Personal information
- Full name: Peter Lawrence Anthony Bedford
- Born: 11 April 1947 (age 79)
- Original team: Port Melbourne (VFA)
- Height: 180 cm (5 ft 11 in)
- Weight: 75 kg (165 lb)

Playing career^{1}
- Years: Club / Games (Goals)
- 1965–1967, 1978–1979: Port Melbourne / 55 (88)
- 1968–1976: South Melbourne / 178 (325)
- 1977–1978: Carlton / 008 00(4)
- Total:  / 241 (417)
- ^{1} Playing statistics correct to the end of 1978.

Career highlights
- Brownlow Medal: 1970; South Melbourne Best and Fairest: 1969, 1970, 1971, 1973, 1975; South Melbourne leading Goalkicker: 1971, 1972, 1973; South Melbourne Captain: 1973–76; South Melbourne / Sydney Swans Team of the Century; Victorian representative: 13 games & 11 goals;

= Peter Bedford (sportsman) =

Australian rules footballer and cricketer (born 1947)

Peter Lawrence Anthony Bedford (born 11 April 1947) is a former Australian rules footballer and first-class cricketer. As a footballer, he is best known for his time at South Melbourne, where he won Victorian Football League's (VFL's) Brownlow Medal in 1970 as the fairest and the best in the competition.

Bedford grew up in the Melbourne suburb of Port Melbourne. He played for his school Parade College as a junior. He began his senior career in the Victorian Football Association, where he played at Port Melbourne Football Club. He was part of the Port Melbourne team which lost the controversial 1967 VFA Grand Final against Dandenong. He played 52 senior games with Port Melbourne during this phase of his career.

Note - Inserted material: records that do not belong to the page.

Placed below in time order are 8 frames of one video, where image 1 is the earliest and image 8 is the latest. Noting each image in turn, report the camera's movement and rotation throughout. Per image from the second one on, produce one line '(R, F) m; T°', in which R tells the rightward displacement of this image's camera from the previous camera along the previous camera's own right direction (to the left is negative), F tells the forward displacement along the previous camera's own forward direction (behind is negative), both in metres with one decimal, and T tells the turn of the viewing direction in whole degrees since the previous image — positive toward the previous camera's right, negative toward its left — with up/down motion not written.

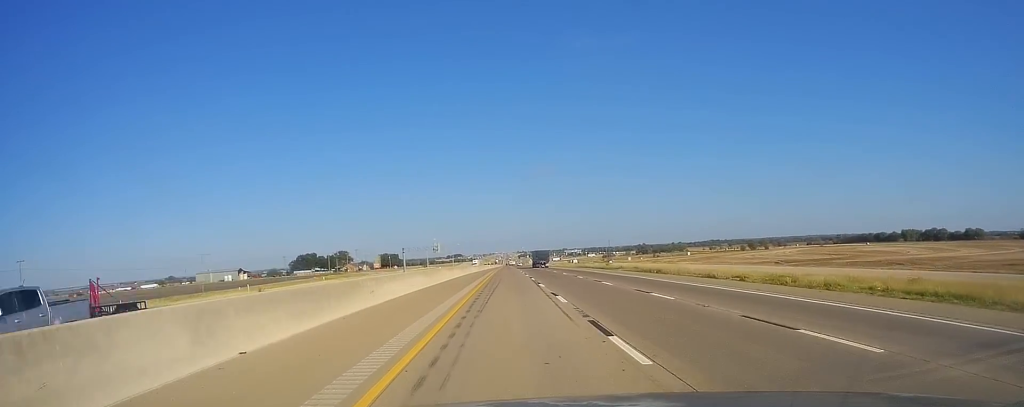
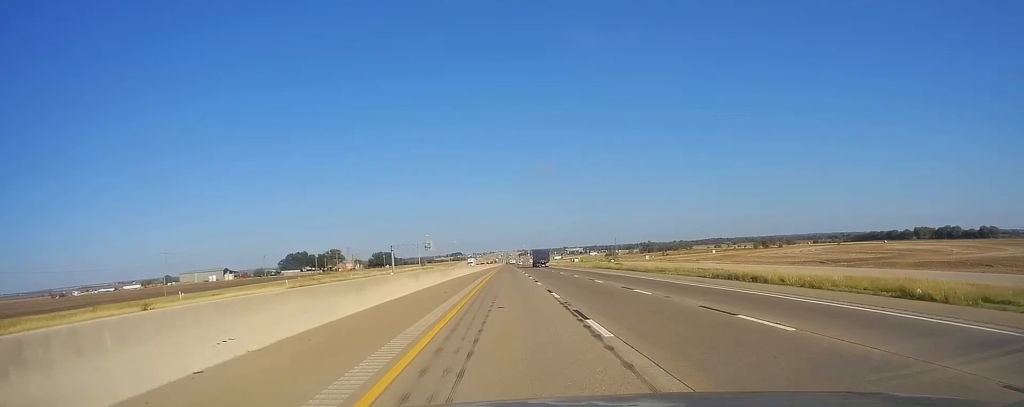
(0.0, +21.1) m; +1°
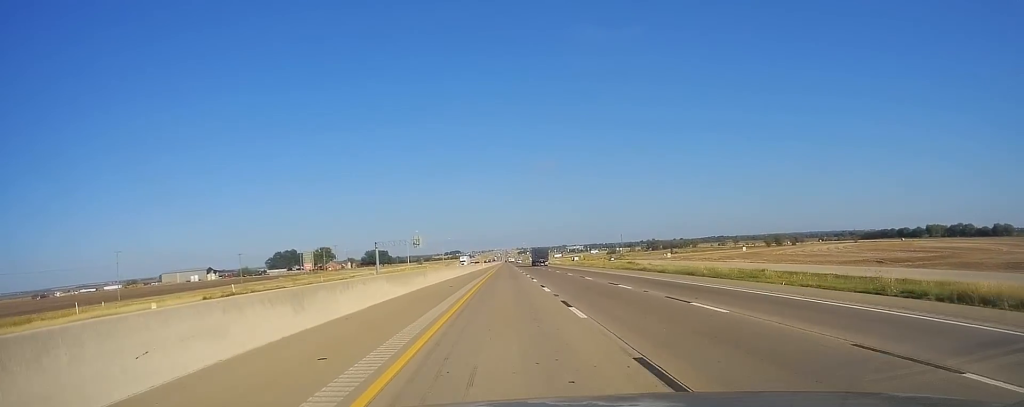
(-0.1, +20.5) m; +1°
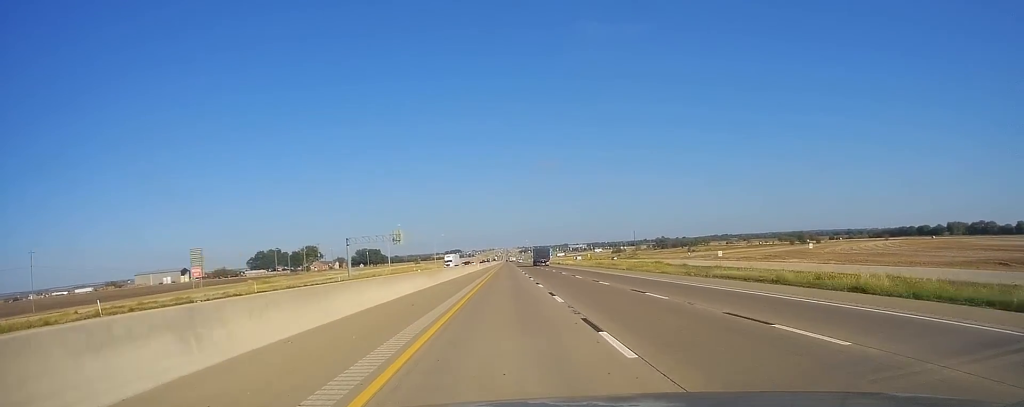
(+0.8, +30.2) m; 0°
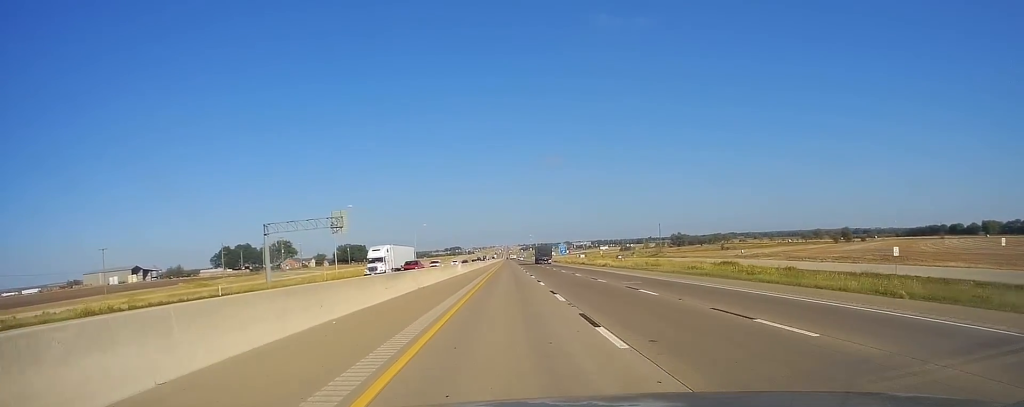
(-1.3, +46.7) m; -2°
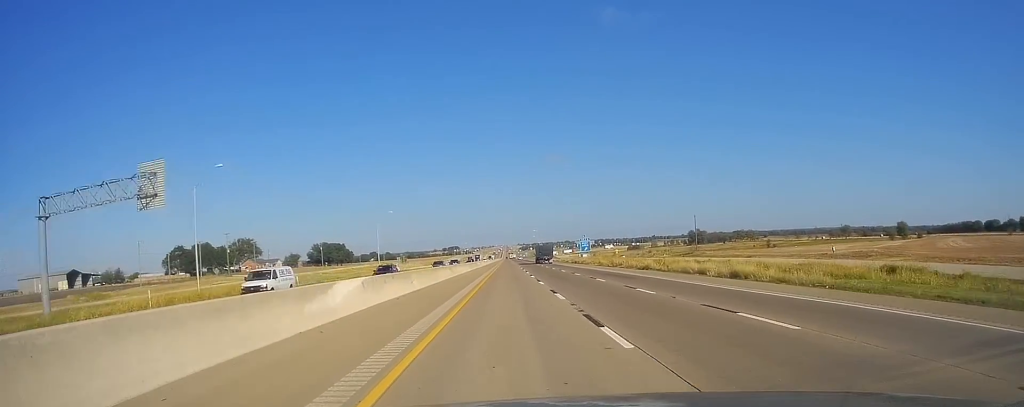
(0.0, +47.4) m; +1°
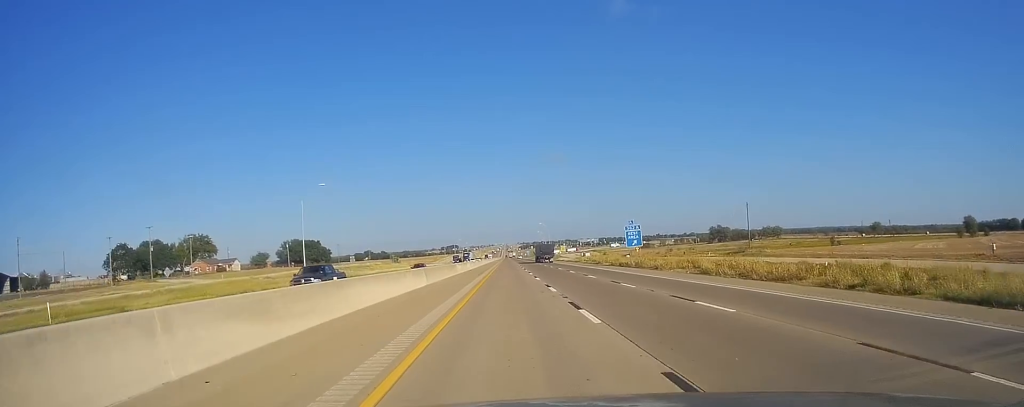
(+0.3, +44.8) m; +1°
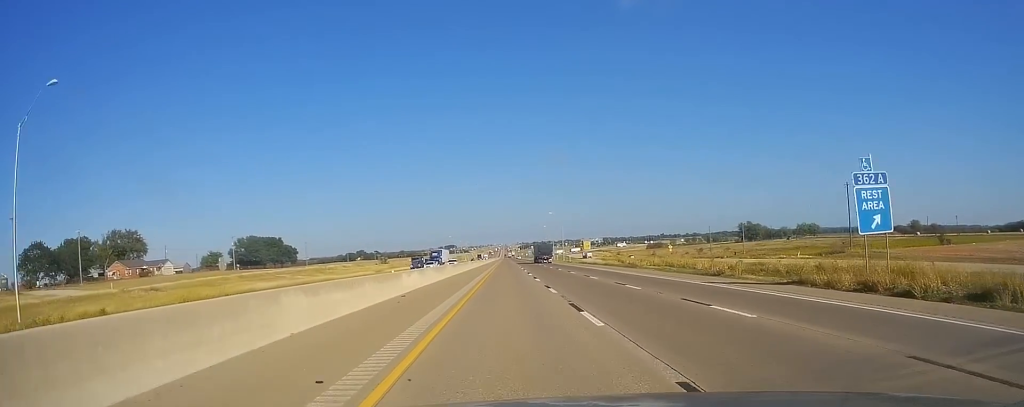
(-0.2, +49.7) m; -1°

At the end of the 1967 football season, Bedford was approached by South Australian National Football League (SANFL) club Port Adelaide with an offer to move to South Australia to play for Port Adelaide as well as for the South Australian cricket team. South Australian cricket selector Sir Donald Bradman considered Bedford a leading candidate for the Australia national cricket team and urged Bedford to accept the offer from Port Adelaide. However, he opted instead to stay in Melbourne and moved to VFL club South Melbourne.

He played for South Melbourne between 1968 and 1976, playing 178 games and kicking 325 goals. He was the Swans' Best & Fairest on five occasions, leading goalkicker three times and in 1970 he won a Brownlow Medal as the league's best and fairest player. He played for the Swans as a rover but was also thrown forward to kick a goal when they needed it. He was South Melbourne's captain from 1973 until his departure in 1976, when he transferred to Carlton. He played at Carlton until mid-1978, then transferred back to Port Melbourne.

Bedford was also a talented batsman and leg-spin bowler for Victoria, playing 39 matches for the State between 1966–67 and 1972–73. He made 1602 runs at 28.10 and took 45 wickets at 33.40. His top score and only century was 134 not out against Western Australia in Melbourne in 1969–70, and his best bowling figures came later in the same season against South Australia in Adelaide when he took 5 for 40 in the second innings to help Victoria win and clinch victory in the Sheffield Shield. He played district cricket for Melbourne (ten seasons) and Carlton (one season).

Bedford was selected in the Port Melbourne Team of the Century. He was inducted to the Australian Football Hall of Fame in 1999 and was named in the Swans team of the century which was announced on 8 August 2003. Bedford's father, William, was also selected in the Port Melbourne Team of the Century, and his nephew Stephen Allender won a J. J. Liston Trophy with Port Melbourne.